如果一个 class 包含另一个 class 的对象,是否可以通过在 C++ 中包含 class 的构造函数中使用默认值来初始化它?

If a class contains object of another class can it be initialized by having default value in the constructor of containing class in C++?

编译此代码产生错误

error time constructor time::time(int,int,char) cannot be overloaded with time::time(int,int,char)

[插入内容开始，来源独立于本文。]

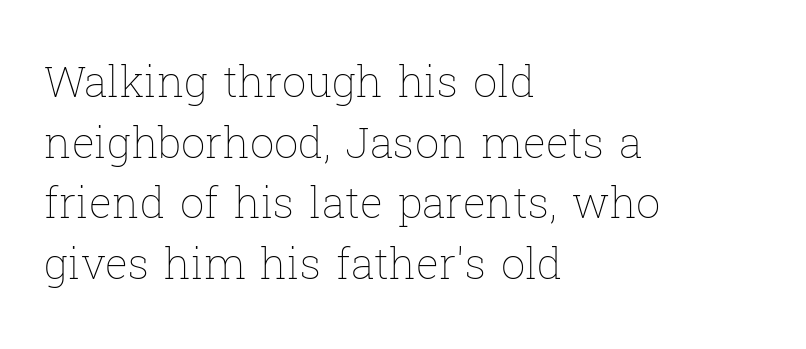
{"italic": "no", "bold": "no", "weight": "thin", "width": "normal", "stroke_contrast": "low", "x_height": "medium", "monospaced": "no", "underline": "no", "align": "left", "line_spacing": "normal", "line_spacing_ratio": 1.41, "letter_spacing": "normal", "letter_spacing_em": 0.0, "glyph_px": 43}
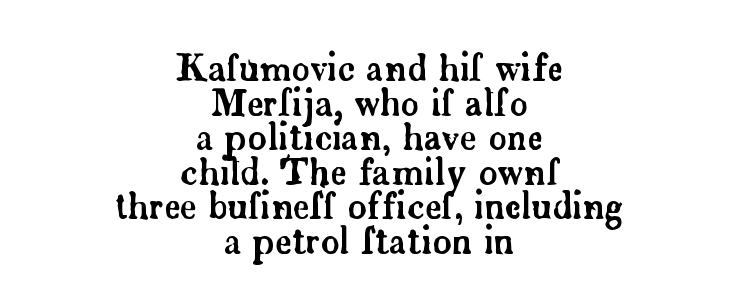
Each letter keeps its own natural width here, so spacing adapts to shape. The lettering stays uniformly vertical, giving the passage a roman look. How are the letters spaced? Ordinarily, with no added tracking. The passage is arranged like a title page — every line centered. One glance says dense: line gaps are narrower than usual.
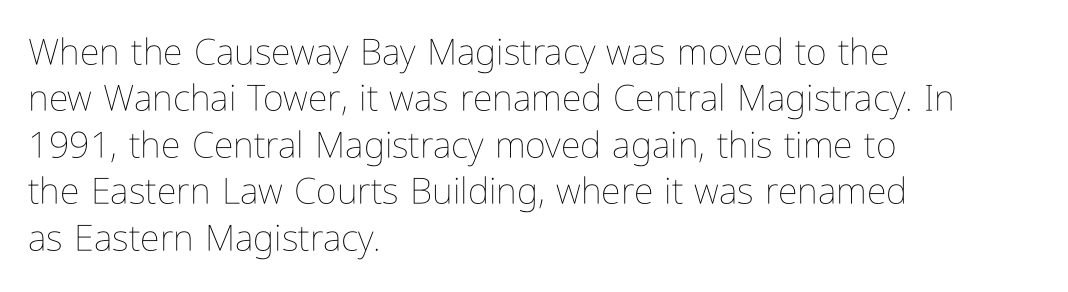
{"italic": "no", "bold": "no", "weight": "thin", "width": "condensed", "stroke_contrast": "low", "x_height": "medium", "monospaced": "no", "underline": "no", "align": "left", "line_spacing": "normal", "line_spacing_ratio": 1.29, "letter_spacing": "normal", "letter_spacing_em": 0.0, "glyph_px": 36}
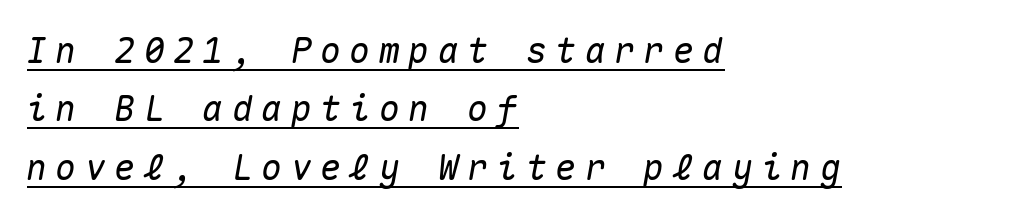
Q: Is the text italic (slanted)? A: Yes, it leans right by about 10 degrees.
Q: Is the text underlined? A: Yes.
Q: How is the paragraph aligned? A: Left-aligned.
Q: Is the spacing between letters normal or unusually wide? A: Unusually wide.
Q: Is the spacing between lines tight, normal or loose? A: Normal.
Q: Width (condensed, normal, or wide)? A: Normal.
Q: Stroke contrast? A: Medium.
Q: x-height? A: Medium.
Q: Monospaced? A: Yes.
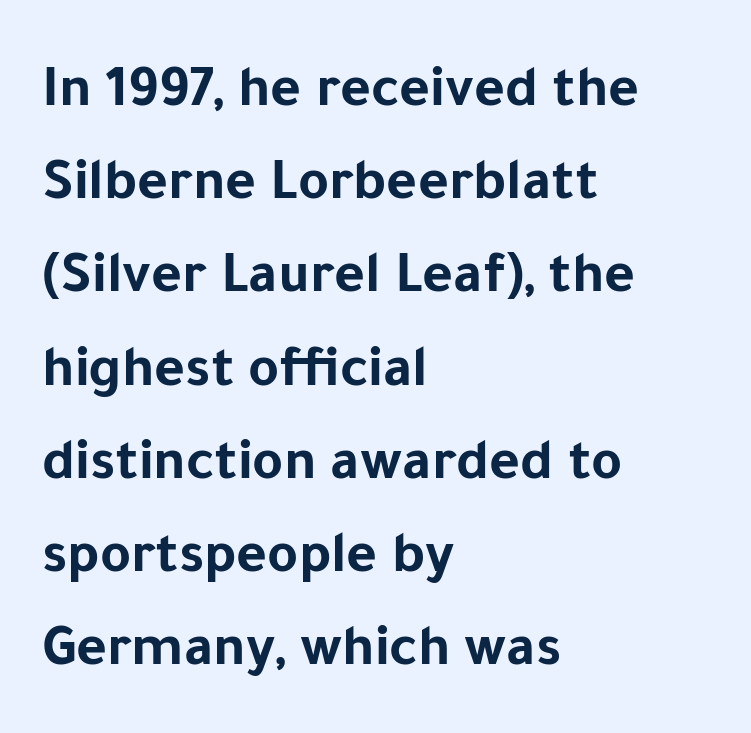
Each letter keeps its own natural width here, so spacing adapts to shape. Inter-character spacing is left at the font's built-in metrics. You'd pick this weight for a headline — it's a proper bold. Horizontal alignment here is leftward, the default for most running prose. Students, observe: this is what conventionally led text looks like. Note: no serifs on the glyphs.
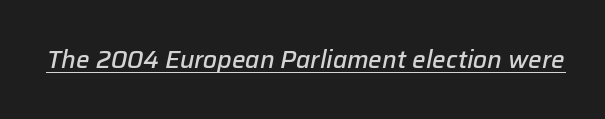
The glyphs have the mass of a demibold cut, below bold. Looking at the ascenders, they clearly lean. Between one letter and the next there's only the usual sliver of space. A baseline rule has been typeset under these characters.
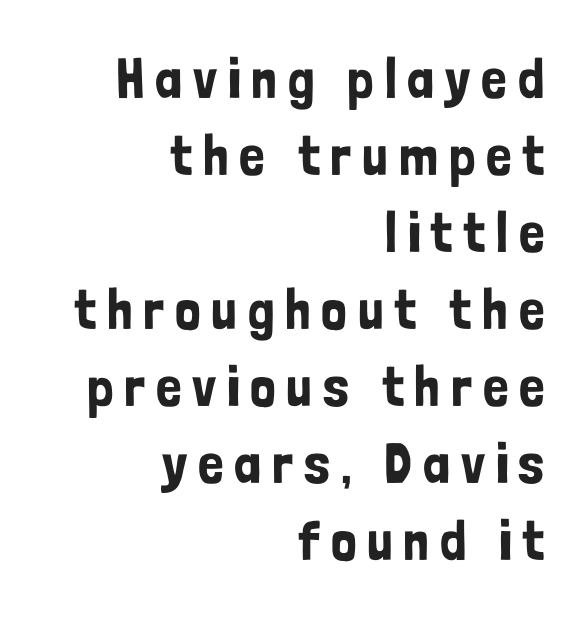
No word sits above an underline. Check where the strokes stop: nothing finishes them off — pure sans. Is this a fixed-width face? No — the glyphs have proportional, varying widths. Line ends are locked; line starts wander. The lettering stays uniformly vertical, giving the passage a roman look. The vertical gap from one line to the next is medium.
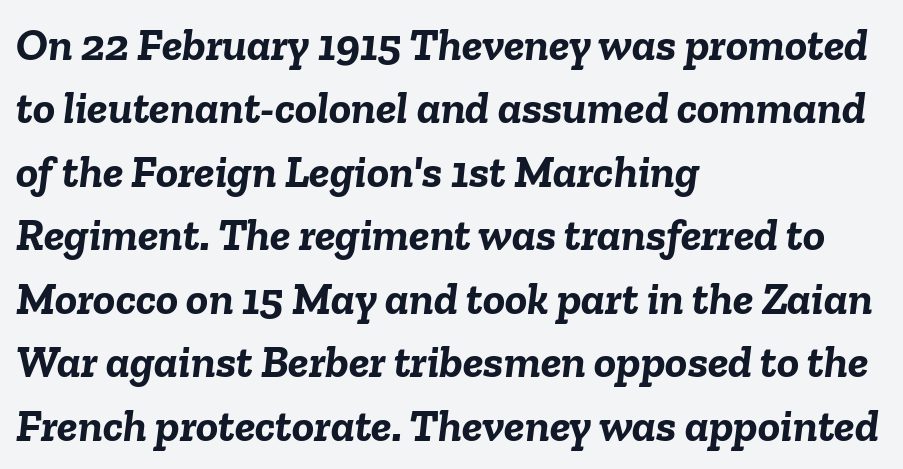
{"italic": "yes", "lean": "right", "slant_degrees": 6, "bold": "yes", "weight": "semibold", "width": "normal", "stroke_contrast": "low", "x_height": "medium", "monospaced": "no", "underline": "no", "align": "left", "line_spacing": "normal", "line_spacing_ratio": 1.38, "letter_spacing": "normal", "letter_spacing_em": 0.0, "glyph_px": 46}
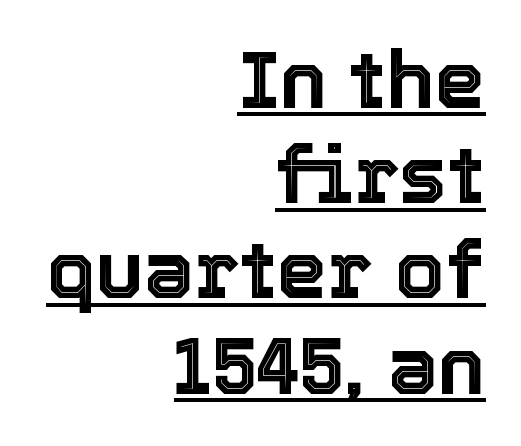
The image shows 80 px text type, upright; set right-aligned, line spacing 1.19x, normal letter spacing, underlined; a medium x-height.
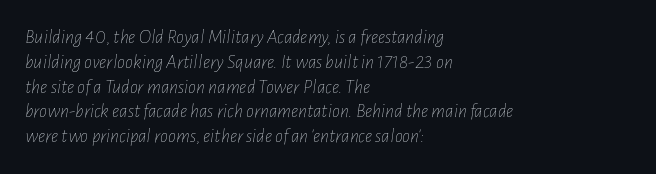
Q: Is the text bold? A: No.
Q: Is the text italic (slanted)? A: Yes, it leans right by about 7 degrees.
Q: Is the text underlined? A: No.
Q: How is the paragraph aligned? A: Left-aligned.
Q: Is the spacing between letters normal or unusually wide? A: Normal.
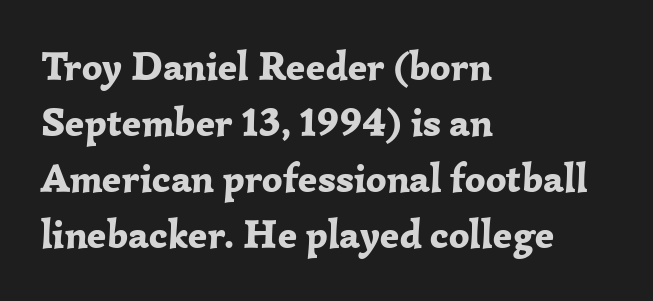
The image shows 40 px bold serif type, upright; set left-aligned, normal line spacing (1.4x), normal letter spacing, not underlined; low stroke contrast and a medium x-height.
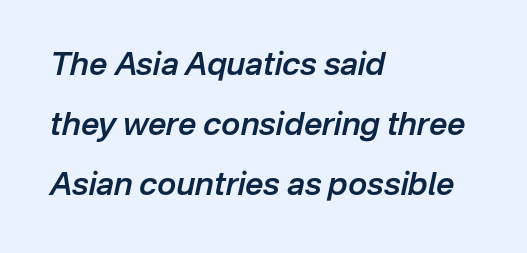
Designer's note — italics engaged. Spacing verdict: proportional, widths tailored to each character. These words are printed semibold, heavier than regular yet not bold. The tracking reads as untouched default to a designer's eye. The rag falls on the right side of this text block.
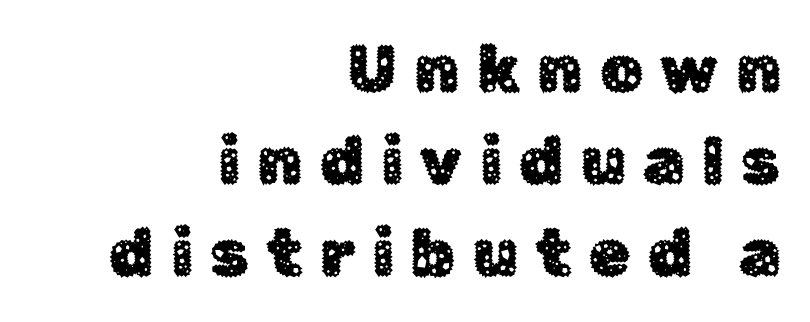
Q: Is the text italic (slanted)? A: No, it is upright.
Q: Is the typeface a serif or a sans-serif typeface? A: Sans-serif.
Q: Is the text underlined? A: No.
Q: How is the paragraph aligned? A: Right-aligned.
Q: Is the spacing between letters normal or unusually wide? A: Unusually wide.
Q: Is the spacing between lines tight, normal or loose? A: Normal.
Q: Width (condensed, normal, or wide)? A: Normal.
Q: Stroke contrast? A: Low.
Q: x-height? A: Medium.
Q: Monospaced? A: No.
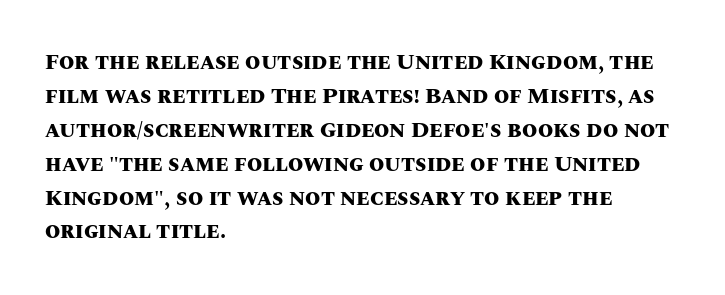
{"italic": "no", "bold": "yes", "underline": "no", "align": "left", "line_spacing": "normal", "line_spacing_ratio": 1.54, "letter_spacing": "normal", "letter_spacing_em": 0.0, "glyph_px": 22}
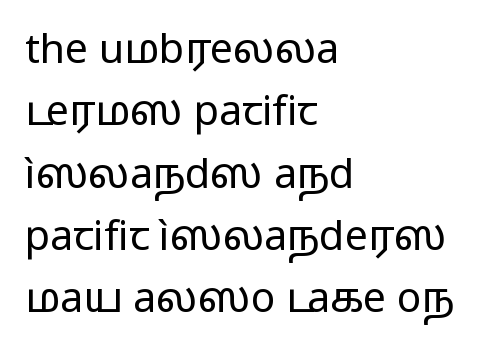
{"serif": "no", "italic": "no", "bold": "no", "weight": "regular", "width": "wide", "stroke_contrast": "low", "x_height": "medium", "monospaced": "no", "underline": "no", "align": "left", "line_spacing": "normal", "line_spacing_ratio": 1.52, "letter_spacing": "normal", "letter_spacing_em": 0.0, "glyph_px": 41}
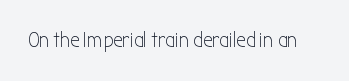
The passage shown is not underscored anywhere. The font's upright variant was chosen for this text. Stems here are at most as thick as an everyday book face. Observe the ordinary spacing: letters are neighbours, not strangers.
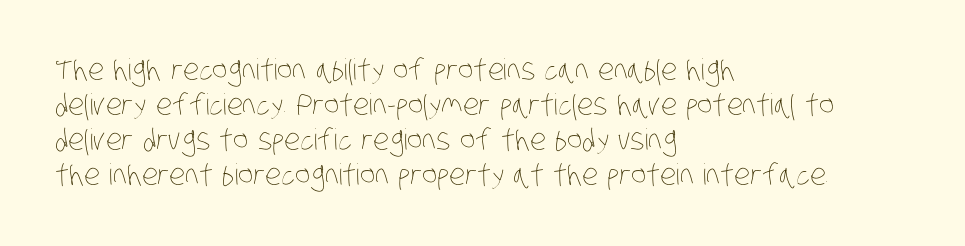
Here the designer chose a conventional face with non-uniform glyph widths. The typeface has the unassuming heft of standard copy or less. Line starts are locked; line ends wander. No word sits above an underline. There is no visible air inserted between adjacent glyphs.
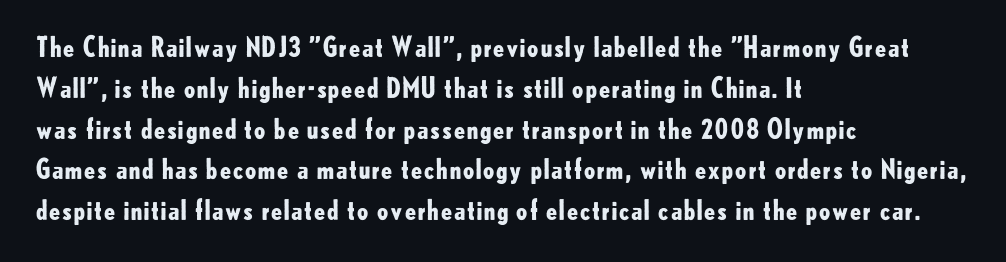
The image shows 27 px bold type, upright; set left-aligned, normal line spacing (1.51x), normal letter spacing, not underlined.
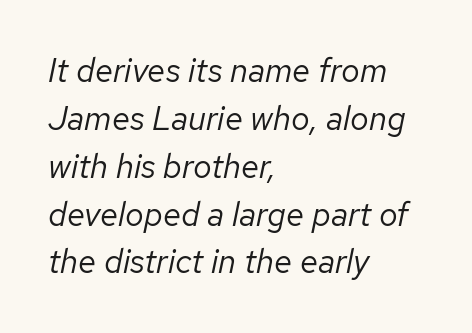
The image shows 33 px regular-weight type, italic (leaning right); set left-aligned, normal line spacing (1.45x), normal letter spacing, not underlined; low stroke contrast and a medium x-height.
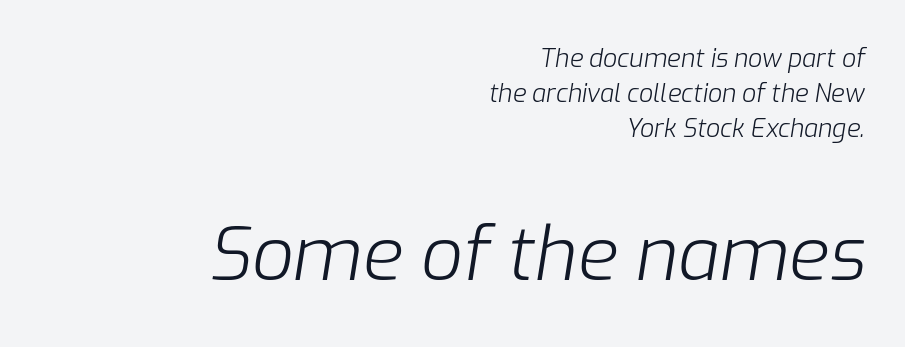
Has an underline been added? It has not. The typesetter chose a ragged-left arrangement here. Weight: regular or lighter. Regular leading. When letters slant like this, we call the style italic.
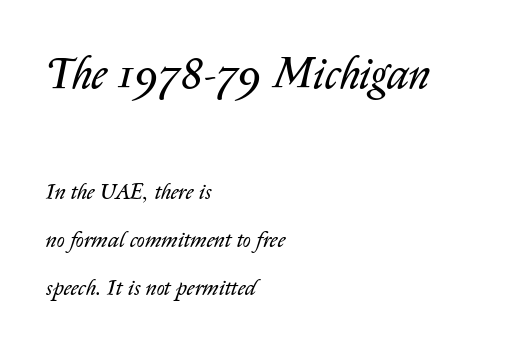
Q: Is the text bold? A: No.
Q: Is the text italic (slanted)? A: Yes, it leans right by about 14 degrees.
Q: Is the text underlined? A: No.
Q: How is the paragraph aligned? A: Left-aligned.
Q: Is the spacing between letters normal or unusually wide? A: Normal.
Q: Is the spacing between lines tight, normal or loose? A: Loose.
Q: Which block of text is set in a larger size, the first (top) or the second (bottom)? A: The first (top) one.
Q: Width (condensed, normal, or wide)? A: Normal.
Q: Stroke contrast? A: Low.
Q: x-height? A: Medium.
Q: Monospaced? A: No.
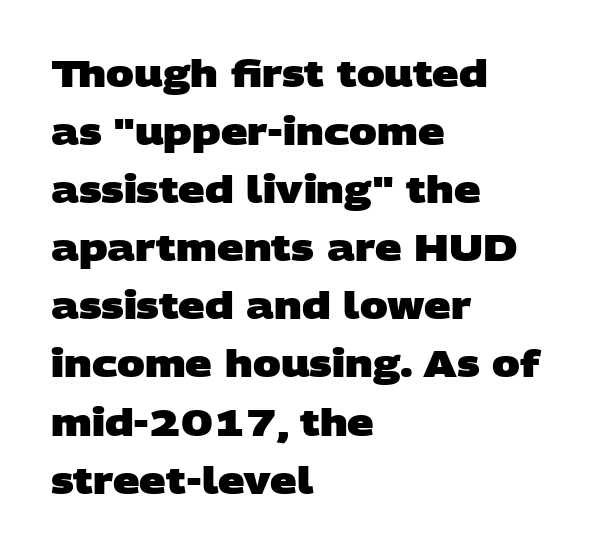
{"serif": "no", "bold": "yes", "weight": "heavy", "width": "wide", "stroke_contrast": "low", "x_height": "large", "monospaced": "no", "underline": "no", "align": "left", "line_spacing": "normal", "line_spacing_ratio": 1.57, "letter_spacing": "normal", "letter_spacing_em": 0.0, "glyph_px": 37}
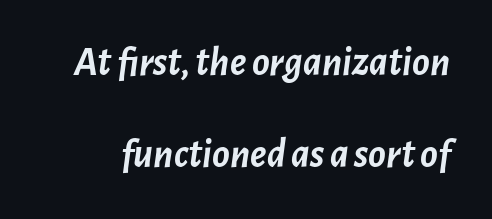
Underlining? Definitely not there. Reading down the column, the eye jumps a long way to each next line. The glyphs have the mass of a bold cut. If you drew a line through each stem, it would be angled. Is this a fixed-width face? No — the glyphs have proportional, varying widths. Short note: letters normally spaced.
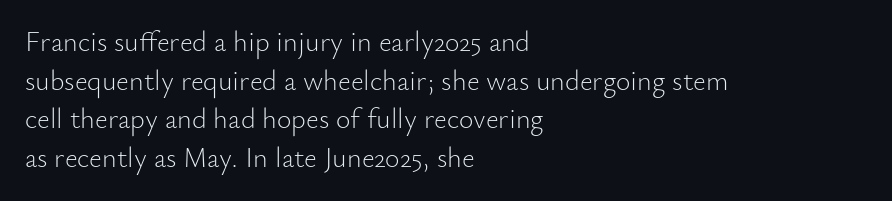
No extra tracking has been applied to these lines. If you drew a ruler down the left edge, every line would touch it. Honestly, the row spacing looks completely unremarkable. Are there feet on the stems? There aren't — it's a sans. This reads as an unemphasized weight, regular at the heaviest. Here the designer chose a conventional face with non-uniform glyph widths.
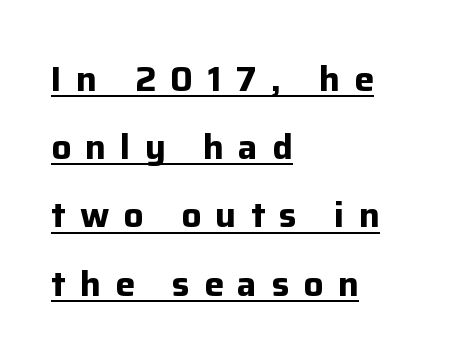
Alignment: flush left. How would I describe the line gaps? Wide and relaxed. The letters advance in unequal steps, a hallmark of proportional type. The specimen reads as upright at a glance. Is there an underline? Yes — a line sits under the letters.
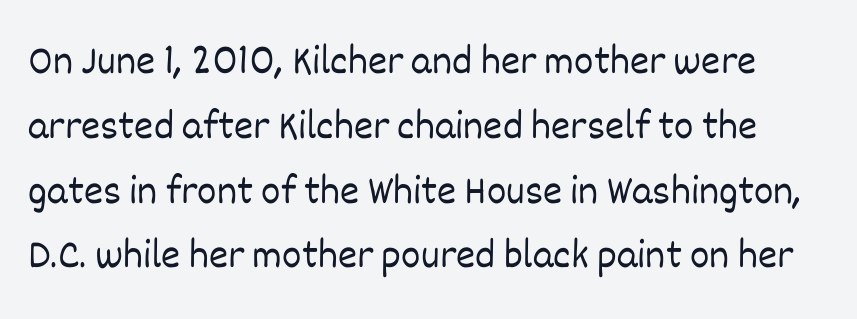
{"italic": "no", "bold": "no", "weight": "light", "width": "normal", "stroke_contrast": "low", "x_height": "large", "monospaced": "no", "underline": "no", "line_spacing": "normal", "line_spacing_ratio": 1.58, "letter_spacing": "normal", "letter_spacing_em": 0.0, "glyph_px": 41}
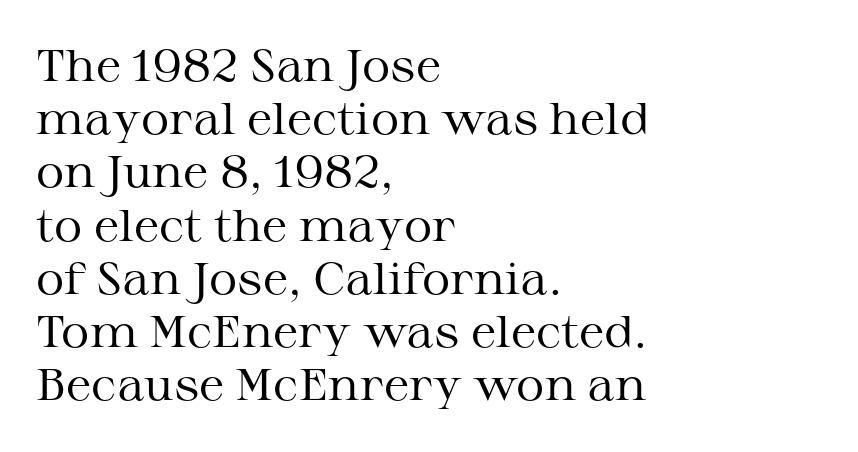
{"serif": "yes", "italic": "no", "bold": "no", "weight": "regular", "width": "wide", "stroke_contrast": "medium", "x_height": "medium", "monospaced": "no", "underline": "no", "align": "left", "line_spacing_ratio": 1.21, "letter_spacing": "normal", "letter_spacing_em": 0.0, "glyph_px": 44}
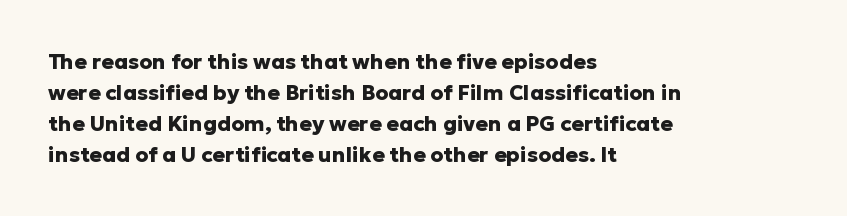
Posture: vertical. A classic flush-left, rag-right setting is used for this passage. Horizontal bands of white between lines are of average thickness. Each word holds together tightly as a unit, with standard inter-letter gaps. The font is running at its bold setting.
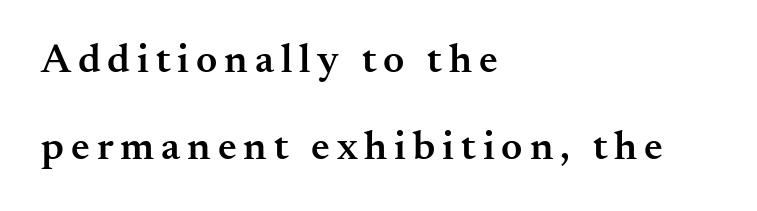
Q: Is the text bold? A: Semi-bold.
Q: Is the text italic (slanted)? A: No, it is upright.
Q: Is the typeface a serif or a sans-serif typeface? A: Serif.
Q: Is the text underlined? A: No.
Q: How is the paragraph aligned? A: Left-aligned.
Q: Is the spacing between lines tight, normal or loose? A: Loose.
Q: Width (condensed, normal, or wide)? A: Normal.
Q: Stroke contrast? A: Medium.
Q: x-height? A: Small.
Q: Monospaced? A: No.

我试图减少重载的构造函数,所以我试图在构造函数参数中提供默认值。 entry class 的构造函数中的 entry(int sno=5,time t{1,2,'p'}); 行是否有效?如果一个 class 包含另一个 class 的复杂对象,那么它可以这样初始化吗?

#include<iostream>

using namespace std;


class time
{
    int hours;
    int mins;
    char ap;
    
public:
    time(int hours=0,int mins=0,char ap='n');
    time(int a, int b, char c): hours{a},mins{b},ap{c}
    {
    }
    
    void showtime()
    {
        cout<<"\nTime : "<<hours<<" "<<mins<<" "<<ap<<endl;
    }
};

class entry{
    int sno;
    time t;
    public:
        entry(int sno=5,time t{1,2,'p'});
        void showdata()
        {
            cout<<"\ne : "<<sno<<" : ";
            t.showtime();
        }
        
};


int main()
{
    entry e;
    e.showdata();
    return 0;
}

是的,这只是语法问题:

#include<iostream>

using namespace std;

class Time
{
    int _hours;
    int _mins;
    char _ap;
    
public:
    Time(int hours=0,int mins=0,char ap='n'): _hours(hours),_mins(mins),_ap(ap)
    {};
    
    void showtime()
    {
        cout<<"\nTime : "<< _hours << " " << _mins << " " << _ap << endl;
    }
};

class entry{
    int _sno;
    Time _t;
    public:
        entry(int sno=5,Time t = Time(1,2,'p')):
        _t(t), _sno(sno)
        {};
        void showdata()
        {
            cout<<"\ne : "<< _sno<<" : ";
            _t.showtime();
        }
        
};


int main()
{
    entry e;
    e.showdata();
    Time t2(5,2,'a');
    entry e2(3, t2);
    e2.showdata();
    return 0;
}